Segment Start: Material supplied

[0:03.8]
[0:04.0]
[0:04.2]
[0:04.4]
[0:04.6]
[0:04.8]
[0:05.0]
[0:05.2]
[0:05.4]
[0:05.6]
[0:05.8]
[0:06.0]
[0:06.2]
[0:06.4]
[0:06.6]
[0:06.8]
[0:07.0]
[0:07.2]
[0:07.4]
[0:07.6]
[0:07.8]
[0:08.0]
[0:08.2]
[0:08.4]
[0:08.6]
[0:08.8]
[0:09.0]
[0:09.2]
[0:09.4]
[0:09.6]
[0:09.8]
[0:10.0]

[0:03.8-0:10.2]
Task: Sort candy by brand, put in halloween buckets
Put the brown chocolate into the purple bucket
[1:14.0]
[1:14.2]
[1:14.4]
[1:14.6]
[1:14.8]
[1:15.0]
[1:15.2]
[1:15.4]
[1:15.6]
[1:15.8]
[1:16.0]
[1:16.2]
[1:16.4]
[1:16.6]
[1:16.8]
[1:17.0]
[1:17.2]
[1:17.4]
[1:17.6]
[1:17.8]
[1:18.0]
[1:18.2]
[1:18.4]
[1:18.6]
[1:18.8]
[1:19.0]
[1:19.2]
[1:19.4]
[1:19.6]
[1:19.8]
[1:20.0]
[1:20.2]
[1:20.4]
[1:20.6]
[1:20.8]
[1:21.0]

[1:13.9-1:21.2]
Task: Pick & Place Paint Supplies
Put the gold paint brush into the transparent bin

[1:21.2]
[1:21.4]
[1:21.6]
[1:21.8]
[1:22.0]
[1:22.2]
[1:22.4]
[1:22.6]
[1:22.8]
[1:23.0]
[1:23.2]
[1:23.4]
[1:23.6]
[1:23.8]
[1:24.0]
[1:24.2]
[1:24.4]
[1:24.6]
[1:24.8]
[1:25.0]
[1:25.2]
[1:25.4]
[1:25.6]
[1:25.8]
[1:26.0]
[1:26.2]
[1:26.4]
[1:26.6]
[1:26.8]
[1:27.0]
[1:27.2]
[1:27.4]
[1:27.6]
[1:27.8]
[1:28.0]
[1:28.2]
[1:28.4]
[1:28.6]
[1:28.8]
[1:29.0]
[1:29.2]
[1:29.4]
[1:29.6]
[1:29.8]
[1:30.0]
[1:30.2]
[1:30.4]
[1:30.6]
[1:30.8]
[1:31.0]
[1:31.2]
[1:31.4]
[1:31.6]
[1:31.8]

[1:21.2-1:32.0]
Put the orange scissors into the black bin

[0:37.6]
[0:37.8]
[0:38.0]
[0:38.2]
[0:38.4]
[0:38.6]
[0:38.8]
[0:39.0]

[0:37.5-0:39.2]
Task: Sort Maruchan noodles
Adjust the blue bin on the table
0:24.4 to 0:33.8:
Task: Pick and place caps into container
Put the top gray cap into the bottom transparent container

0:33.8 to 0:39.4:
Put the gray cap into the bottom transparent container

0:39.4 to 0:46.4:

Segment End: Material supplied

▶ Prompt: Reproduce the whole of the material exactly as shown.

▶ Exercise answer:
[0:03.8]
[0:04.0]
[0:04.2]
[0:04.4]
[0:04.6]
[0:04.8]
[0:05.0]
[0:05.2]
[0:05.4]
[0:05.6]
[0:05.8]
[0:06.0]
[0:06.2]
[0:06.4]
[0:06.6]
[0:06.8]
[0:07.0]
[0:07.2]
[0:07.4]
[0:07.6]
[0:07.8]
[0:08.0]
[0:08.2]
[0:08.4]
[0:08.6]
[0:08.8]
[0:09.0]
[0:09.2]
[0:09.4]
[0:09.6]
[0:09.8]
[0:10.0]

[0:03.8-0:10.2]
Task: Sort candy by brand, put in halloween buckets
Put the brown chocolate into the purple bucket
[1:14.0]
[1:14.2]
[1:14.4]
[1:14.6]
[1:14.8]
[1:15.0]
[1:15.2]
[1:15.4]
[1:15.6]
[1:15.8]
[1:16.0]
[1:16.2]
[1:16.4]
[1:16.6]
[1:16.8]
[1:17.0]
[1:17.2]
[1:17.4]
[1:17.6]
[1:17.8]
[1:18.0]
[1:18.2]
[1:18.4]
[1:18.6]
[1:18.8]
[1:19.0]
[1:19.2]
[1:19.4]
[1:19.6]
[1:19.8]
[1:20.0]
[1:20.2]
[1:20.4]
[1:20.6]
[1:20.8]
[1:21.0]

[1:13.9-1:21.2]
Task: Pick & Place Paint Supplies
Put the gold paint brush into the transparent bin

[1:21.2]
[1:21.4]
[1:21.6]
[1:21.8]
[1:22.0]
[1:22.2]
[1:22.4]
[1:22.6]
[1:22.8]
[1:23.0]
[1:23.2]
[1:23.4]
[1:23.6]
[1:23.8]
[1:24.0]
[1:24.2]
[1:24.4]
[1:24.6]
[1:24.8]
[1:25.0]
[1:25.2]
[1:25.4]
[1:25.6]
[1:25.8]
[1:26.0]
[1:26.2]
[1:26.4]
[1:26.6]
[1:26.8]
[1:27.0]
[1:27.2]
[1:27.4]
[1:27.6]
[1:27.8]
[1:28.0]
[1:28.2]
[1:28.4]
[1:28.6]
[1:28.8]
[1:29.0]
[1:29.2]
[1:29.4]
[1:29.6]
[1:29.8]
[1:30.0]
[1:30.2]
[1:30.4]
[1:30.6]
[1:30.8]
[1:31.0]
[1:31.2]
[1:31.4]
[1:31.6]
[1:31.8]

[1:21.2-1:32.0]
Put the orange scissors into the black bin

[0:37.6]
[0:37.8]
[0:38.0]
[0:38.2]
[0:38.4]
[0:38.6]
[0:38.8]
[0:39.0]

[0:37.5-0:39.2]
Task: Sort Maruchan noodles
Adjust the blue bin on the table
0:24.4 to 0:33.8:
Task: Pick and place caps into container
Put the top gray cap into the bottom transparent container

0:33.8 to 0:39.4:
Put the gray cap into the bottom transparent container

0:39.4 to 0:46.4:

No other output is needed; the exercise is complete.